Option 1 is the easist, the clone can be made like:
List<String> clone = new ArrayList<String>(arr);
You seem to misunderstand how objects/references work in Java, which is pretty fundamental to using the language effectively. However, this code here should do what you want (apologies for the lack of explanation):
ArrayList<String> arr = new ArrayList<String>();
//... fill with some values (doesn't really matter)
for(int i = 0; i < arr.size(); i++)
{
arr.set(i, " some other value "); // change the contents of the array
}
for(String t : arr)
{
System.out.println(t);
}
I believe, this is not related to immutable or mutable.
t = " some other value "; //hoping this would change the actual array
t does not hold the reference to actual object.

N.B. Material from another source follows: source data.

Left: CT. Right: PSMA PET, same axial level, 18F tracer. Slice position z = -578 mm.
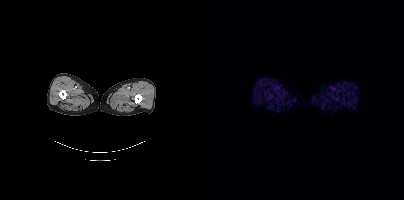
No PSMA-avid tumor lesions on this slice.
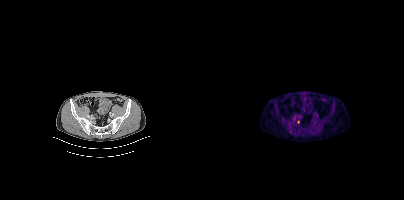
Left: CT. Right: PSMA PET, same axial level, [18F]PSMA-1007 tracer. PET panel 200×200 px (4.1 mm/px). Coordinates are on the 200×200 PET (right) panel. Small PSMA-avid focus (2 to 4 px across) near (center x, center y): (93, 121).
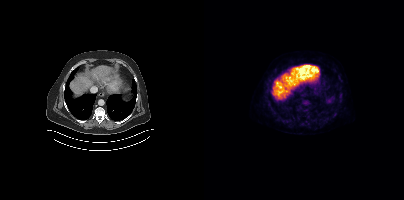
Findings: Coordinates are on the 200×200 PET (right) panel. PSMA-avid tumor lesion bounding box (x0,y0,x1,y1): [135,94,138,100].
Technique: Left: CT. Right: PSMA PET, same axial level, 18F-PSMA tracer. acquired on Siemens Biograph mCT Flow 20.
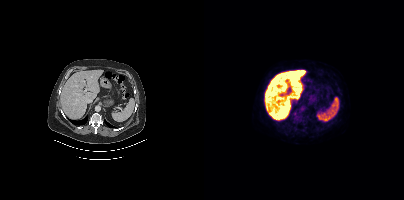
Technique: Paired axial CT (left) and PSMA PET (right), 18F-PSMA tracer. acquired on Siemens Biograph mCT Flow 20. slice position z = -1147 mm. PET panel 200×200 px (4.1 mm/px).
Findings: No PSMA-avid tumor lesions on this slice.
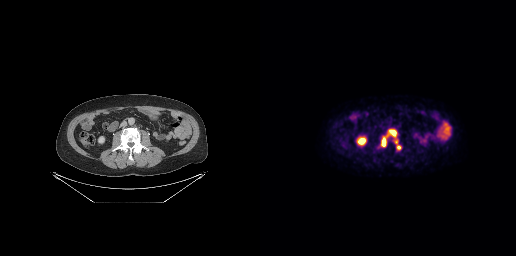
Paired axial CT (left) and PSMA PET (right), 18F tracer. Acquired on GE Discovery 690. Slice 136 of 299.
Coordinates are on the 256×256 PET (right) panel. PSMA-avid tumor lesion bounding boxes:
| # | x0 | y0 | x1 | y1 |
|---|---|---|---|---|
| 1 | 120 | 128 | 141 | 150 |
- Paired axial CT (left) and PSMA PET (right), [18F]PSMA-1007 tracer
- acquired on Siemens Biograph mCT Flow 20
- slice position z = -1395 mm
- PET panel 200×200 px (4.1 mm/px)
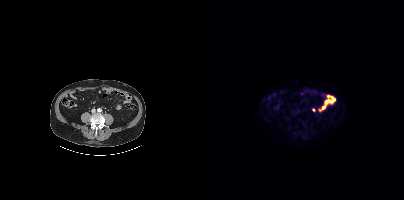
Findings: Negative for PSMA-avid disease on this slice.
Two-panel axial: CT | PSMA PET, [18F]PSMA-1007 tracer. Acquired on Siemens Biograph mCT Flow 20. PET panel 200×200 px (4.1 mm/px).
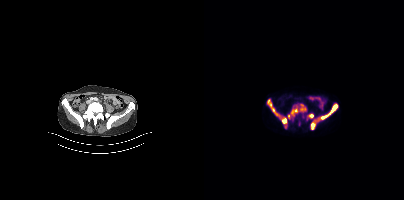
Coordinates are on the 200×200 PET (right) panel. PSMA-avid tumor lesion bounding boxes (partial; 1 more focus not listed):
| # | x0 | y0 | x1 | y1 |
|---|---|---|---|---|
| 1 | 84 | 104 | 102 | 119 |
| 2 | 63 | 99 | 83 | 127 |
| 3 | 114 | 103 | 134 | 120 |
| 4 | 106 | 119 | 112 | 129 |
| 5 | 103 | 113 | 109 | 118 |
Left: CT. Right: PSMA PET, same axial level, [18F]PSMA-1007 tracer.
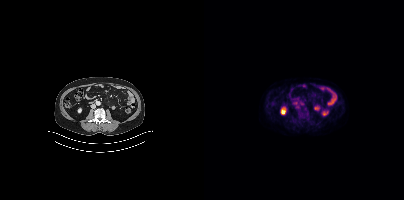
Negative for PSMA-avid disease on this slice.
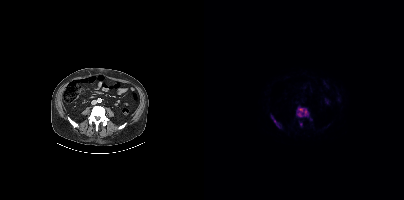
Coordinates are on the 200×200 PET (right) panel. PSMA-avid tumor lesion bounding boxes (x0, y0)-(x1, y1): (93, 107)-(104, 117); (68, 118)-(77, 128). Small PSMA-avid focus (2 to 4 px across) near (center x, center y): (97, 124).
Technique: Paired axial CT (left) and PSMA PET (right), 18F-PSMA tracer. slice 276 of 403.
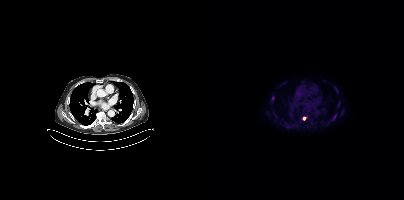
Findings: Coordinates are on the 200×200 PET (right) panel. (showing 4 of 6 foci) PSMA-avid tumor lesion bounding box (x0, y0)-(x1, y1): (129, 115)-(132, 119). Small PSMA-avid foci (2 to 4 px across) near (center x, center y): (131, 87); (69, 98); (81, 126).
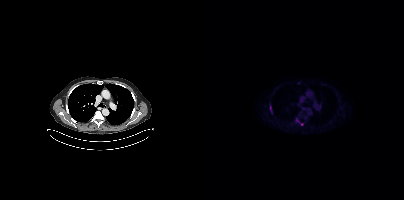
modality: PSMA PET/CT | tracer: 18F | view: axial
Coordinates are on the 200×200 PET (right) panel. PSMA-avid tumor lesion bounding box (x0,y0,x1,y1): [66,105,67,111]. Small PSMA-avid foci (2 to 4 px across) near (center x, center y): (98, 124); (93, 120).
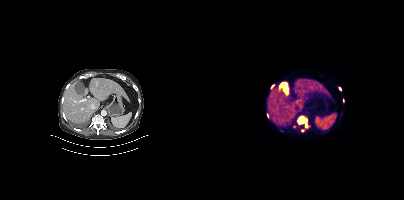
- Left: CT. Right: PSMA PET, same axial level, 18F-PSMA tracer
- acquired on Siemens Biograph mCT Flow 20
Findings: Coordinates are on the 200×200 PET (right) panel. (showing 6 of 7 foci) PSMA-avid tumor lesion bounding boxes (x0,y0,x1,y1): [93,116,104,127]; [63,113,64,117]. Small PSMA-avid foci (2 to 4 px across) near (center x, center y): (135, 88); (68, 86); (139, 100); (98, 130).
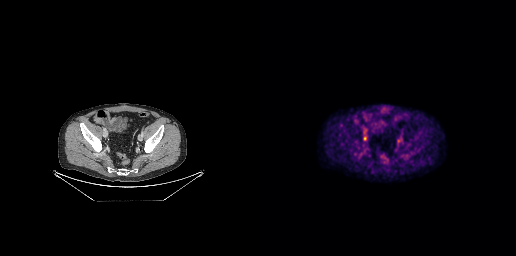
modality: PSMA PET/CT | tracer: 18F | view: axial
Coordinates are on the 256×256 PET (right) panel. PSMA-avid tumor lesion bounding box (x0, y0)-(x1, y1): (103, 136)-(106, 140). Small PSMA-avid focus (2 to 4 px across) near (center x, center y): (138, 140).
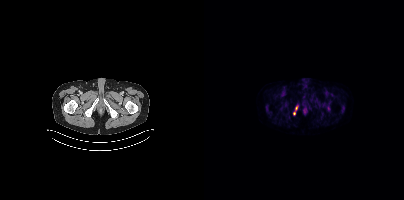
{"modality":"PSMA PET/CT","view":"axial","tracer":"68Ga-PSMA","pet_grid":[200,200],"coord_frame":"pet_panel","coord_format":"x0,y0,x1,y1","lesion_bboxes":[[91,106,93,110]],"small_foci_centers":[[90,113]]}
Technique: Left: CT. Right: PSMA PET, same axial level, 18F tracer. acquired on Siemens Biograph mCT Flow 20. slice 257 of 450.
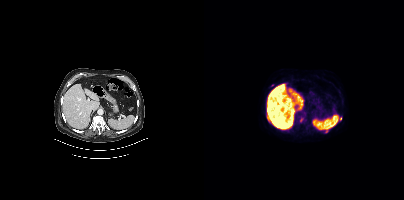
Findings: Coordinates are on the 200×200 PET (right) panel. (showing 2 of 4 foci) Small PSMA-avid foci (2 to 4 px across) near (center x, center y): (122, 131); (136, 118).
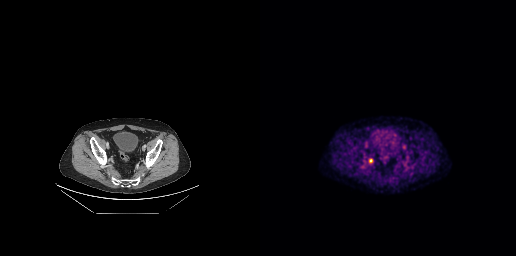
Coordinates are on the 256×256 PET (right) panel. Small PSMA-avid focus (2 to 4 px across) near (center x, center y): (110, 160). Two-panel axial: CT | PSMA PET, [18F]PSMA-1007 tracer. PET panel 256×256 px (2.7 mm/px).
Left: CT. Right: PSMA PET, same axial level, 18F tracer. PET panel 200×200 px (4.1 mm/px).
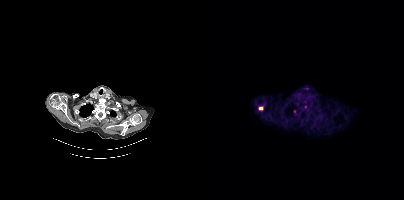
Coordinates are on the 200×200 PET (right) panel. PSMA-avid tumor lesion bounding boxes (partial; 2 more foci not listed):
| # | x0 | y0 | x1 | y1 |
|---|---|---|---|---|
| 1 | 55 | 107 | 59 | 109 |
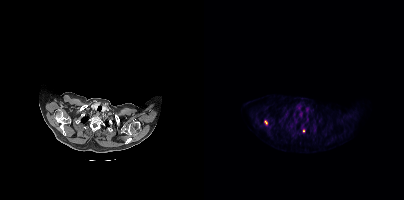
- Two-panel axial: CT | PSMA PET, 18F-PSMA tracer
Findings: Coordinates are on the 200×200 PET (right) panel. PSMA-avid tumor lesion bounding box (x0,y0,x1,y1): [61,120,63,124]. Small PSMA-avid focus (2 to 4 px across) near (center x, center y): (99, 130).
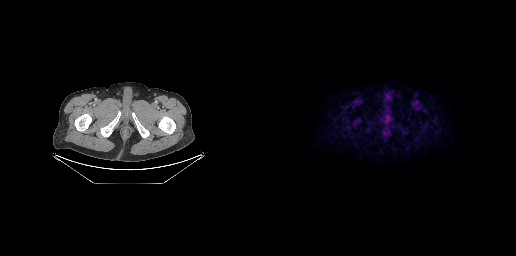
Findings: No PSMA-avid tumor lesions on this slice.
Technique: Two-panel axial: CT | PSMA PET, 18F tracer. acquired on GE Discovery 690. slice 36 of 227.
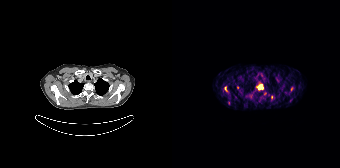
{"modality":"PSMA PET/CT","view":"axial","tracer":"68Ga-PSMA","pet_grid":[168,168],"coord_frame":"pet_panel","coord_format":"x0,y0,x1,y1","partial":true,"lesion_bboxes":[[84,84,91,90],[52,86,55,91]],"small_foci_centers":[[119,88],[65,87]]}
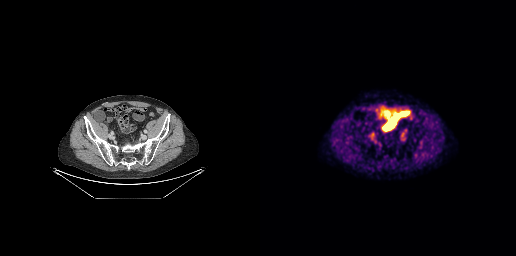
Findings: No PSMA-avid tumor lesions on this slice.
Technique: Paired axial CT (left) and PSMA PET (right), [18F]PSMA-1007 tracer. acquired on GE Discovery 690. PET panel 256×256 px (2.7 mm/px).
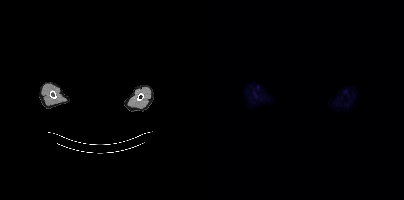
- the head region is masked for de-identification
- Left: CT. Right: PSMA PET, same axial level, 18F-PSMA tracer
- acquired on Siemens Biograph mCT Flow 20
- slice position z = -136 mm
Findings: This slice has no annotated PSMA-avid lesion.
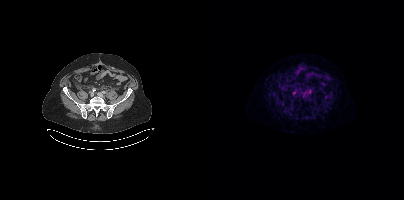
Coordinates are on the 200×200 PET (right) panel. PSMA-avid tumor lesion bounding box (x0,y0,x1,y1): [99,96,103,100].
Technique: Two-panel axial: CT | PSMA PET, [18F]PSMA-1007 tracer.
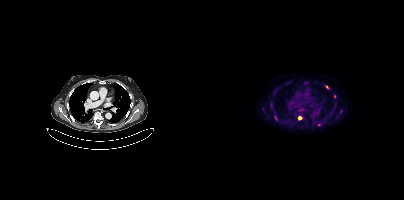
Findings: Coordinates are on the 200×200 PET (right) panel. (showing 4 of 6 foci) PSMA-avid tumor lesion bounding boxes (x, y, width, height): x=94 y=116 w=5 h=4; x=71 y=116 w=3 h=5. Small PSMA-avid foci (2 to 4 px across) near (center x, center y): (123, 87); (130, 96).
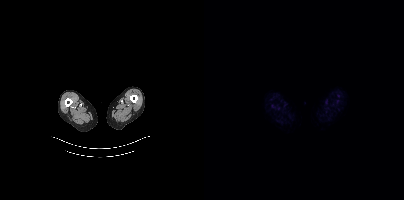
Two-panel axial: CT | PSMA PET, [18F]PSMA-1007 tracer. Slice 10 of 415. No PSMA-avid tumor lesions on this slice.
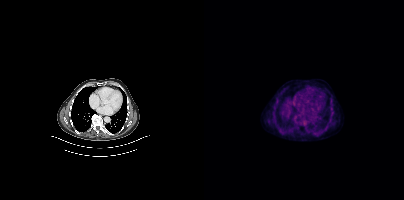
Findings: Coordinates are on the 200×200 PET (right) panel. Small PSMA-avid focus (2 to 4 px across) near (center x, center y): (128, 113).
- Paired axial CT (left) and PSMA PET (right), 18F tracer
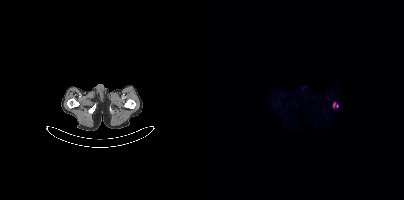
modality: PSMA PET/CT | tracer: 18F | view: axial
Coordinates are on the 200×200 PET (right) panel. PSMA-avid tumor lesion bounding box (x0, y0)-(x1, y1): (129, 102)-(134, 107).
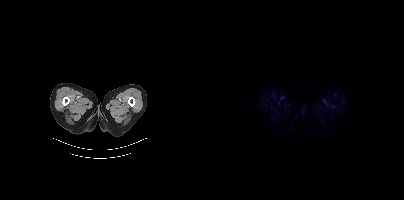
{"modality":"PSMA PET/CT","view":"axial","tracer":"18F-PSMA","pet_grid":[200,200],"coord_frame":"pet_panel","coord_format":"x0,y0,x1,y1","psma_avid_lesions":false}
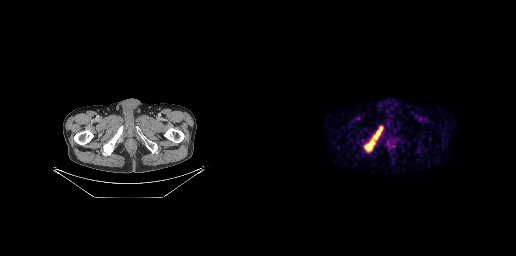
Coordinates are on the 256×256 PET (right) panel. PSMA-avid tumor lesion bounding boxes (x, y, width, height): x=104 y=140 w=12 h=13 | x=112 y=126 w=12 h=15.

Java copies the value from arraylist and puts that value into t so array list value does not get affect.
HTH
This has been answered well. Still here is my suggestion. The var t inside loop is only visible there. It will not be seen outside the loop. You could do t.set() if it was not String.
Use a StringBuffer rather than plain strings. This way the string within is mutable.
Strings are immutable. If you had a mutable type like StringBuilder/Buffer, you could change the string in your iteration. You do have references, remember.